→ **DATA**:
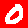
Digit: 0
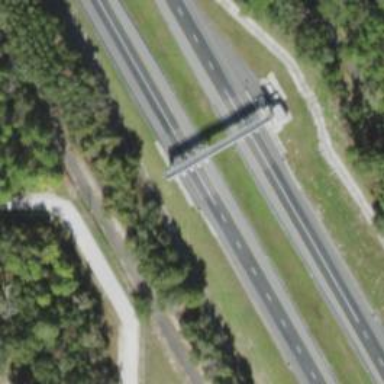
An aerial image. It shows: Toll gantry on the road.
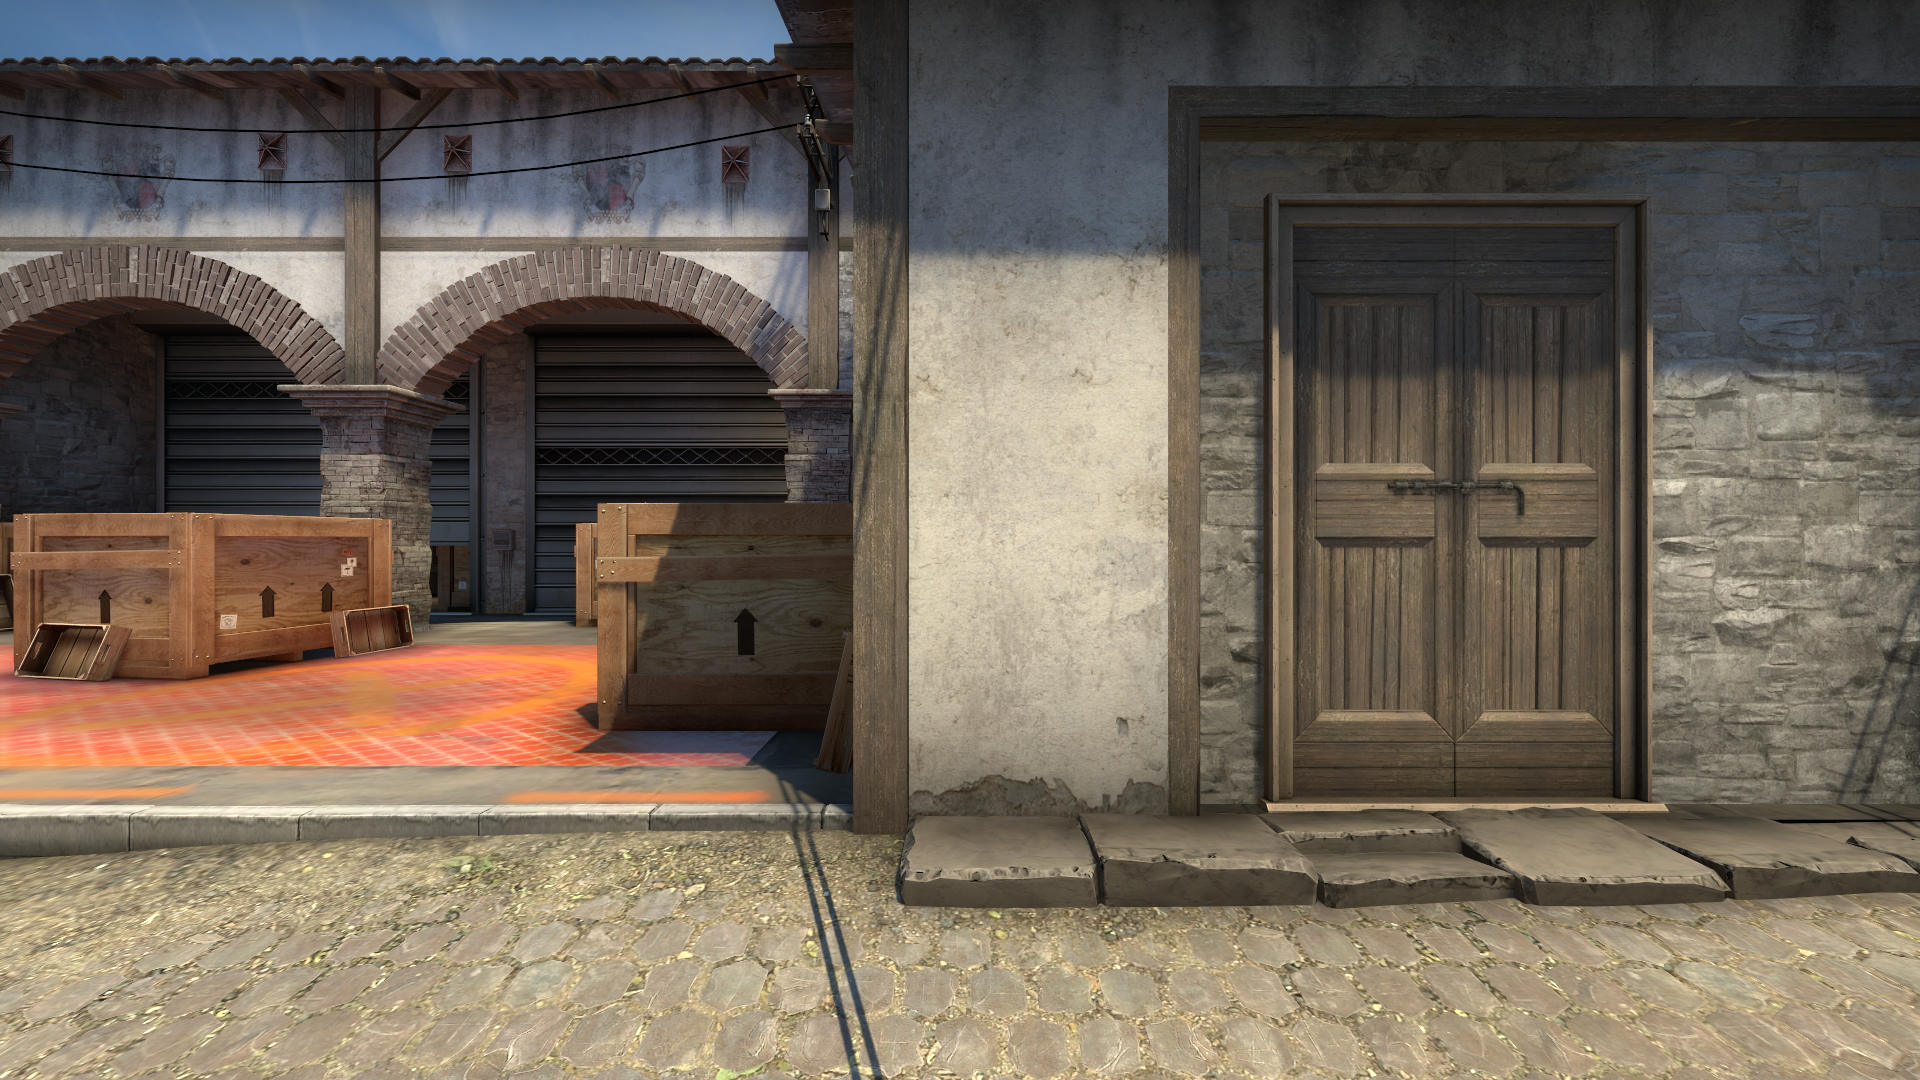
Map: de_inferno
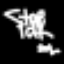
Label: hourglass
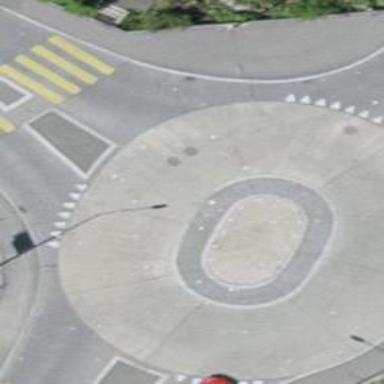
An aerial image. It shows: Primary highway intersecting roundabout.
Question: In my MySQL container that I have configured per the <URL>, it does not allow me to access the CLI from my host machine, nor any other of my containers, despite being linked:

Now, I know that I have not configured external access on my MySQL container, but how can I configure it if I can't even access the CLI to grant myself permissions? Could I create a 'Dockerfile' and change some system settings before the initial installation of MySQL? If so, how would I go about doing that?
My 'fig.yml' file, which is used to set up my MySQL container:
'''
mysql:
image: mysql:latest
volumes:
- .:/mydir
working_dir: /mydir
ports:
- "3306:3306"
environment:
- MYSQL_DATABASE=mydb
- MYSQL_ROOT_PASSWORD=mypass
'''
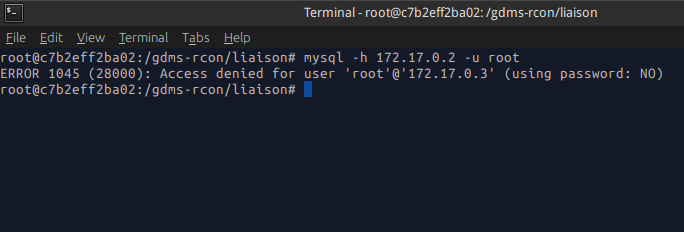
Answer: The answer is in your screenshot. (using password: NO). Add a -p to your mysql command line.
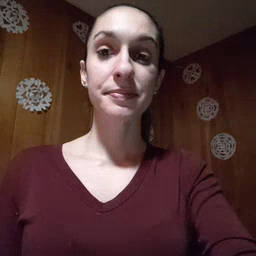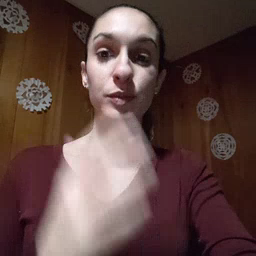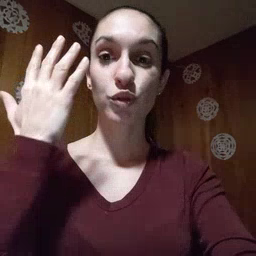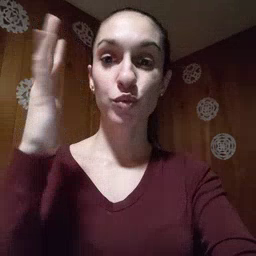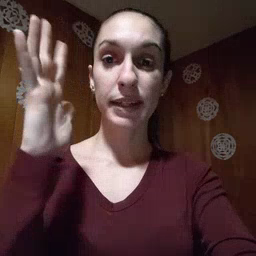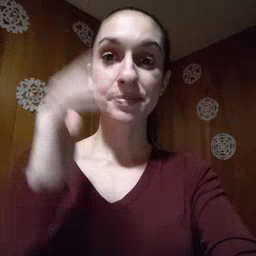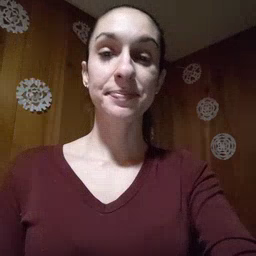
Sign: tree
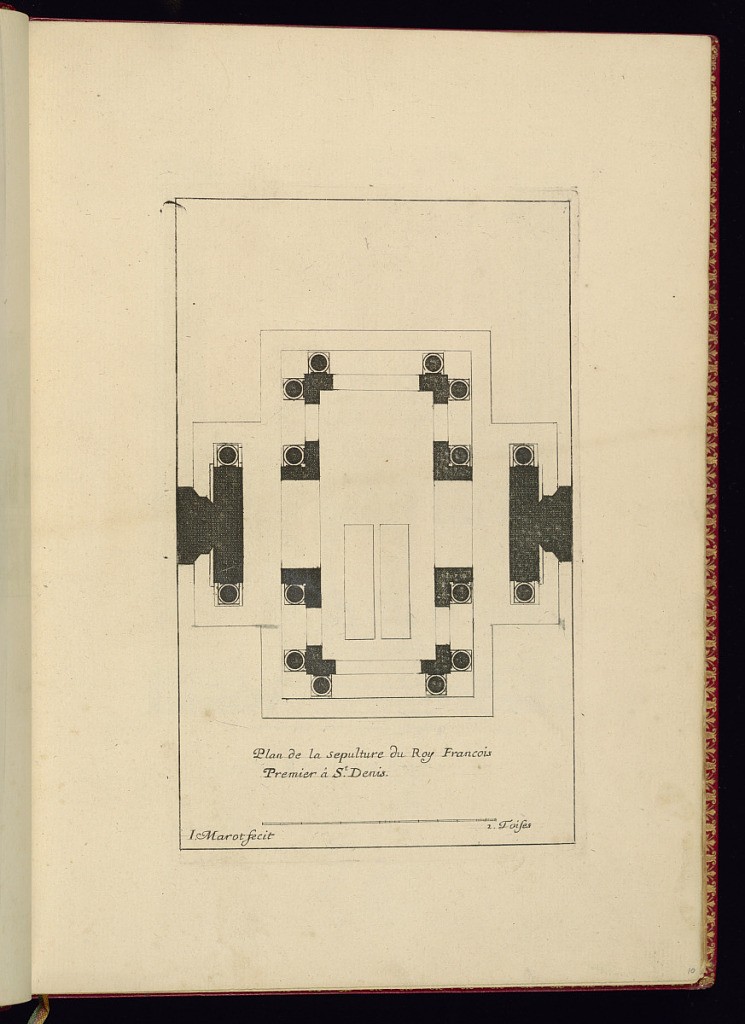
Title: Plan de la sepulture du Roy Francois Premier à St. Denis
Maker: Jean Marot, French, 1619 - 1679
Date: ca.1635–ca.1660
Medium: Etching on laid paper
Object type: Print
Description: Floor plan of the mausoleum of the French king Francis the first at the church of St. Denis. The title is lettered below with a scale. The plate is signed.
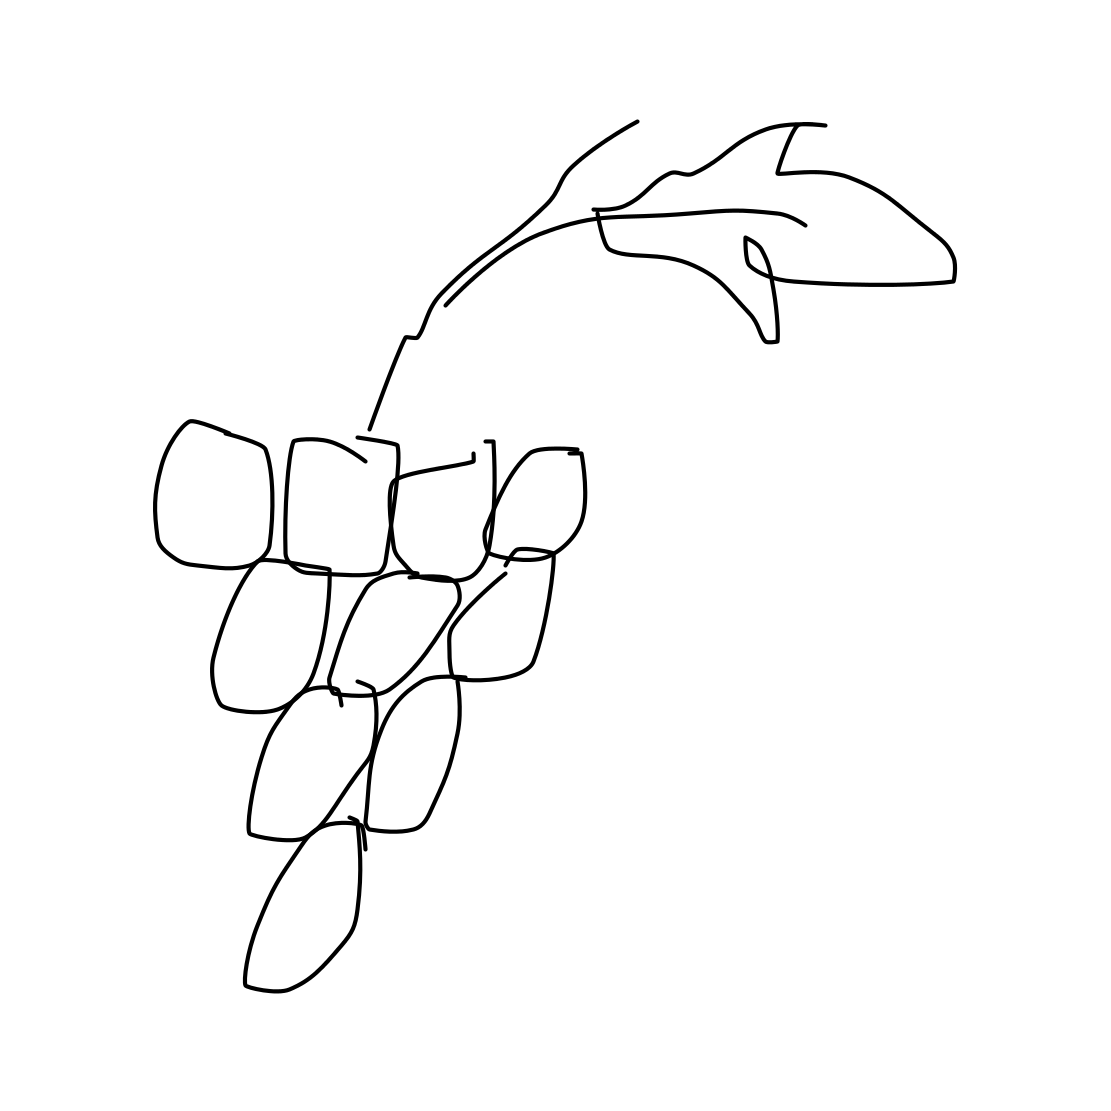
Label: grapes
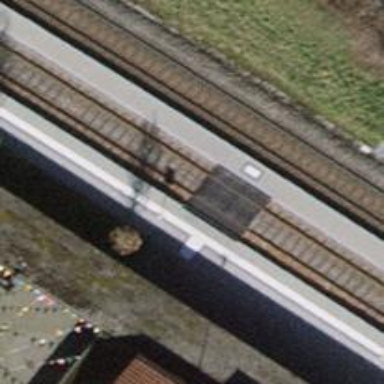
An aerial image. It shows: Railway crossing.
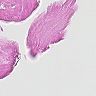
Metastatic tissue present: no
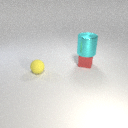
large cyan metal cylinder above small red metal cube
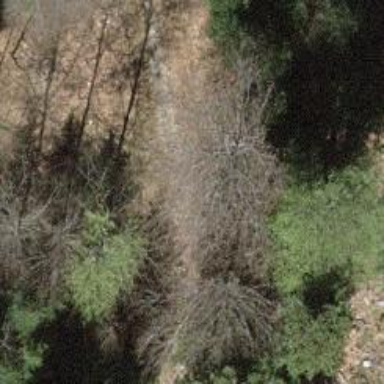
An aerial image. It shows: Path.
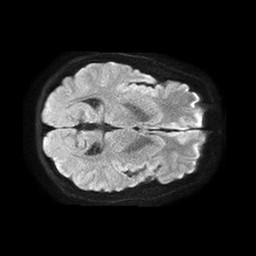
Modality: TRACE
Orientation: axial
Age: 59
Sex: female
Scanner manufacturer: philips
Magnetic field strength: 1.5 T
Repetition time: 4.6 s
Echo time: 0.08631 s
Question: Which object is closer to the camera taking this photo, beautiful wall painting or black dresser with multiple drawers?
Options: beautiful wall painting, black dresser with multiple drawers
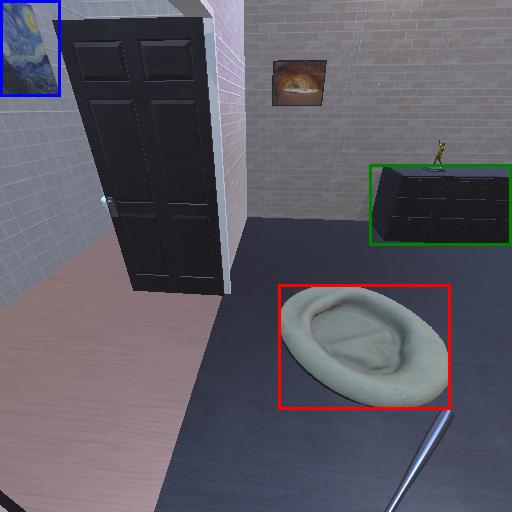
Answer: beautiful wall painting
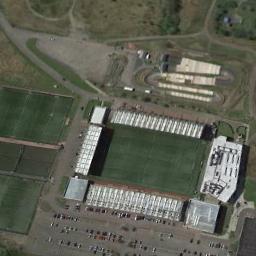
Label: stadium

→ **TRY IT**:
Would you set down, word for word, the lines running from the one that contains "Sex: female" to the last line of the material, omitting all pictures?

→ **ANSWER AREA**:
Sex: female
Scanner manufacturer: philips
Magnetic field strength: 1.5 T
Repetition time: 4.6 s
Echo time: 0.08631 s
Question: Which object is closer to the camera taking this photo, beautiful wall painting or black dresser with multiple drawers?
Options: beautiful wall painting, black dresser with multiple drawers
Answer: beautiful wall painting
Label: stadium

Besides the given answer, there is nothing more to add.